Primary cardiomyocytes were isolated as previously described (Gao & Meng 2017). In short, heart of neonatal rats (1–2 days old) was taken out and maintained in cold phosphate buffered solution (PBS). Ventricle was cut into small pieces (1~3 mm3) and digested with 0.1% type II collagenase at 37°C for 5 min, repeated five times. The supernatant was collected by centrifugation and resuspended with Dulbecco’s Modified Eagle Media: Nutrient Mixture F-12 (DMEM-F12) containing 15% fatal bovine serum (FBS) (C11330500 ETQ Gibco). Separate fibroblasts and cardiomyocytes by differential wall method, and the growth of fibroblasts was inhibited by 5-bromodeoxyuridine (5-BrdU) (B5002 pr. Louisjue USA). For in vitro hypoxia/reoxygenation (H/R) model, cells were pre-treated with different doses of DEX (0.1, 0.5, 1 and 5 μM), and then subjected to Na2S2O4 (4 mM) at 37°C for 1 h. Thereafter, the cells were cultured with normal medium for another 12 h to generate a reoxygenated wcondition.

MTT assay

Cell viability was monitored by 3-(4,5-dimethylthiazol-2-yl)-2,5-diphenyltetrazolium bromide (MTT) assay. In brief, cardiomyocytes were exposed to MTT (50 µM) at 37°C for 4 h. Thereafter, the medium was carefully removed and 100 μl of dimethyl sulfoxide (DMSO) was added. Optical density (OD) values of formazan crystals were determined at 570 nm using microplate reader
(BioTeck, Winooski, Vermont, USA).

Measurement of SOD and MDA

Enzymatic activity of superoxide dismutase (SOD) was detected using Total Superoxide Dismutase Assay Kit with NBT (S0109, Beyotime, Shanghai, China), while Malondialdehyde (MDA) were detected using Lipid Peroxidation MDA Assay Kit (S0131S, Beyotime, Shanghai, China) as per manufacturer’s instructions

Real time quantitative PCR (RT-qPCR)

Total RNA from cells was isolated and reversely transcribed using FastKing gDNA Dispelling RT SuperMix (Tiangen, Beijing, China). The expression of GPR30 was measured by RT-qPCR using Quant one step qRT-PCR Kit (SYBR Green, FP303, Tiangen, Beijing, China) in a Mastercycler EP realplex detection system (Roche, Indianapolis, IN). The expression of GPR30 was normalized by glyceraldehyde-3-phosphate dehydrogenase
(GAPDH), and analyzed using 2-ΔΔCT method (Schmittgen & Livak, 2008). Primers were as follows:

GPR30, F, 5’-GACCTGATATTGACCTTG-3’, R, 5’-CCACAATATCGACTTCAATC-3’.
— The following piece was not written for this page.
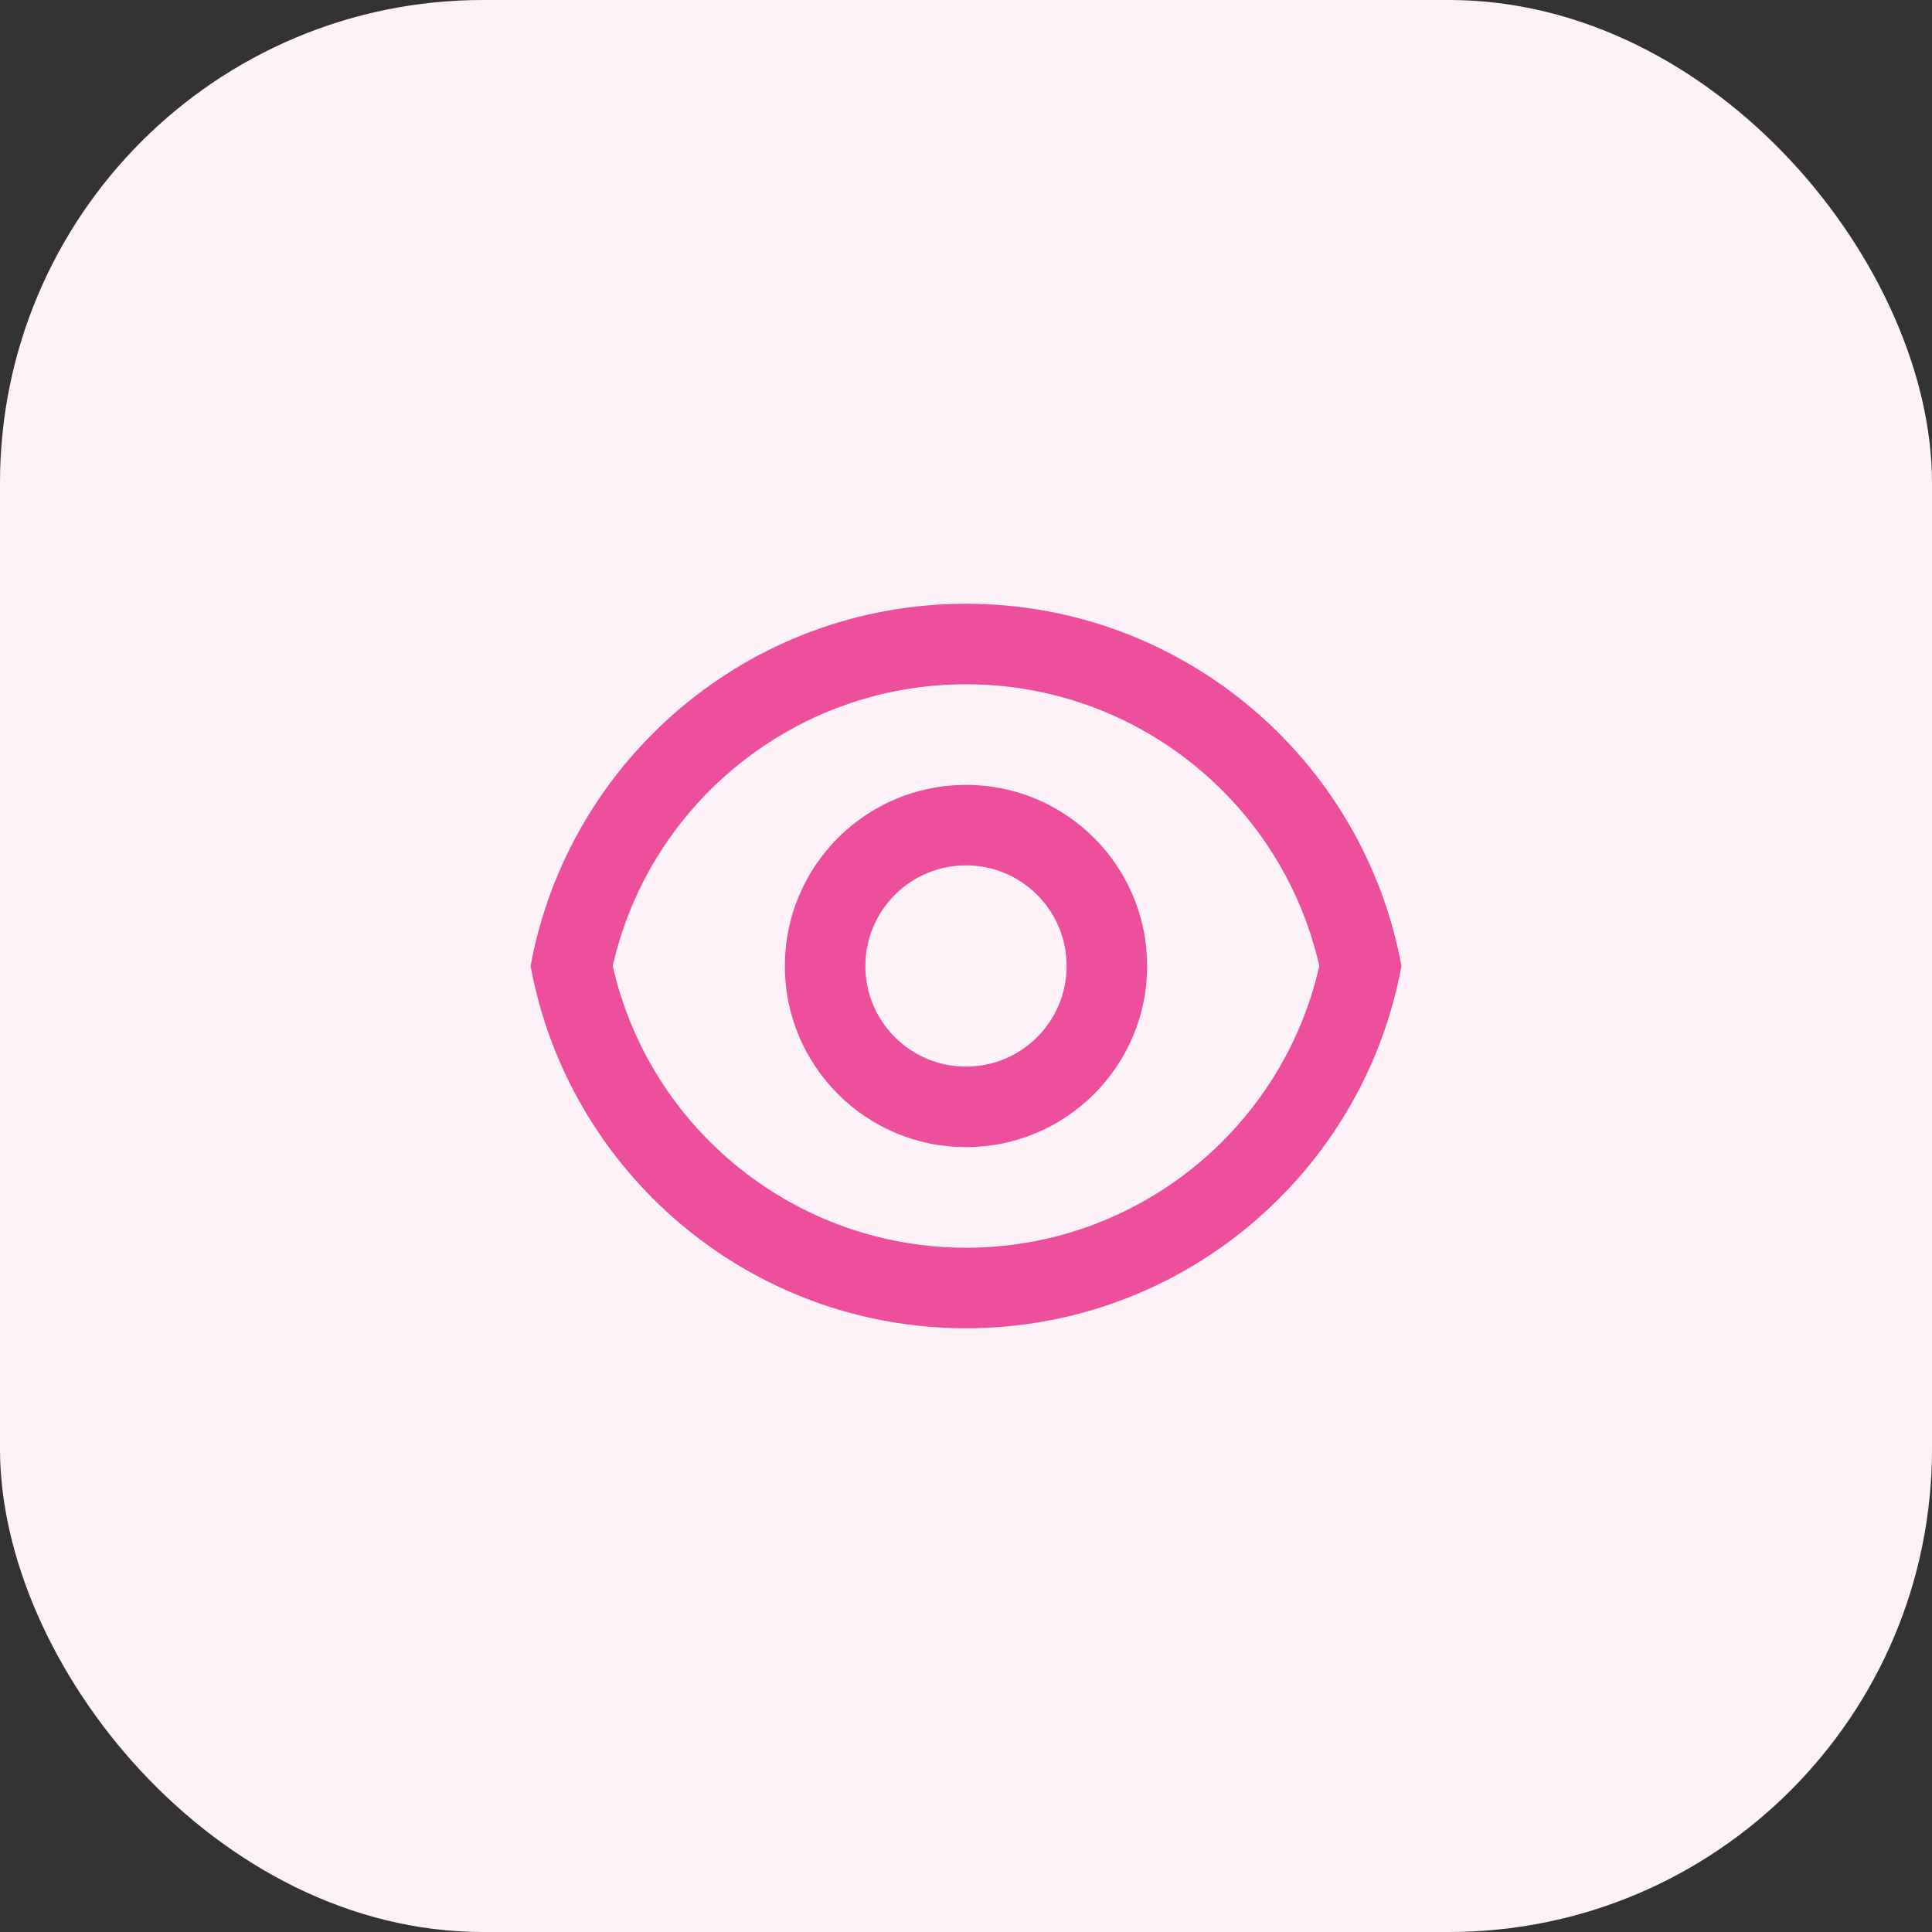 <svg width="48" height="48" viewBox="0 0 48 48" fill="none" xmlns="http://www.w3.org/2000/svg">
  <rect x="0" y="0" width="48" height="48" fill="#333333" stroke="none"/>
  <rect width="48" height="48" rx="12" fill="#FDF2F8"/>
  <path d="M24 15C29.392 15 33.878 18.88 34.819 24C33.878 29.12 29.392 33 24 33C18.608 33 14.122 29.12 13.182 24C14.122 18.88 18.608 15 24 15ZM24 31C28.236 31 31.86 28.052 32.778 24C31.86 19.948 28.236 17 24 17C19.765 17 16.14 19.948 15.223 24C16.14 28.052 19.765 31 24 31ZM24 28.5C21.515 28.5 19.5 26.485 19.5 24C19.5 21.515 21.515 19.5 24 19.5C26.485 19.5 28.5 21.515 28.5 24C28.5 26.485 26.485 28.5 24 28.5ZM24 26.5C25.381 26.5 26.5 25.381 26.5 24C26.5 22.619 25.381 21.5 24 21.5C22.62 21.5 21.5 22.619 21.5 24C21.5 25.381 22.62 26.5 24 26.5Z" fill="#ED4F9D"/>
  </svg>

GAPDH, F, 5’-AACTGAACCTGACCAACG-3’, R, 5’-TTCAAGGCTGCATGCCAAC-3’.

Western blotting

Proteins in infarcted heart tissue or cells were extracted using Radioimmunoprecipitation assay (RIPA) lysis buffer (Beyotime, Shanghai, China) with phosphatase inhibitors (Abcam, Cambridge, UK). Protein levels were measured by Western blotting. In brief, protein (20 μg) was separated by 10% sodium dodecyl sulfate polyacrylamide gel electrophoresis (SDS–PAGE) and then transferred on to polyvinylidene fluoride (PVDF) membranes (Roche, Switzerland). The membranes were incubated with primary antibodies, such as anti-GPR30 (ab39742, 1:250, Abcam, Cambridge, UK), anti-Bcl2 (ab32124, 1:1000, Abcam, Cambridge, UK), anti-cleaved caspase 3 (ab32042, 1:500, Abcam, Cambridge, UK), anti-caspase 3 (ab13847, 1:500, Abcam, Cambridge, UK), anti-AKT (ab38449, 1:500, Abcam, Cambridge, UK), anti-p-GSK-3β (ab93926, 1:500, Abcam, Cambridge, UK), anti-GSK-3β (ab32391, 1:5000, Abcam, Cambridge, UK), anti-β-actin (ab8227, 1:1000, Abcam, Cambridge, UK) at 4°C overnight, and incubated with secondary antibody Goat Anti-Rabbit IgG H&L (HRP) secondary antibody (ab6721, 1:2000; Abcam, Cambridge, UK) for 1 h at room temperature. Blots were visualized using a FluroChem E Imager (ProteinSimple, Santa Clara, CA, USA) and protein levels were quantified with Quantity AlphaEaseFCTM (Alpha Innotech, San Leandro, CA, USA) imaging software.

GPR30 knockdown

To investigate the effect of GPR30 in vitro. The cells were infected with adenovirus vectors (VectorBuilder, Guangzhou, China) containing shGPR30 fragments for GPR30 silencing (shGPR30#1 or shGPR30#2) or shRNA as negative control. Sh-GPR30 was designed by annealing two pairs of small interfering RNA (siRNA) fragments. The sequences were as follows:

ShRNA1# (i) 5’-AAGTGGCTTCGTACATAACGTCCTGTCTC-3’ (sense), and 5’-AAGCCTACCAATGTAACTACGCCTGTCTC-3’ (antisense); (ii) 5’-AACCAAATGCTAGGAACTGCACCTGTCTC-3’ (sense)
and 5’-AACAACCAAACTGCCTCTGAACCTGTCTC-3’ (antisense).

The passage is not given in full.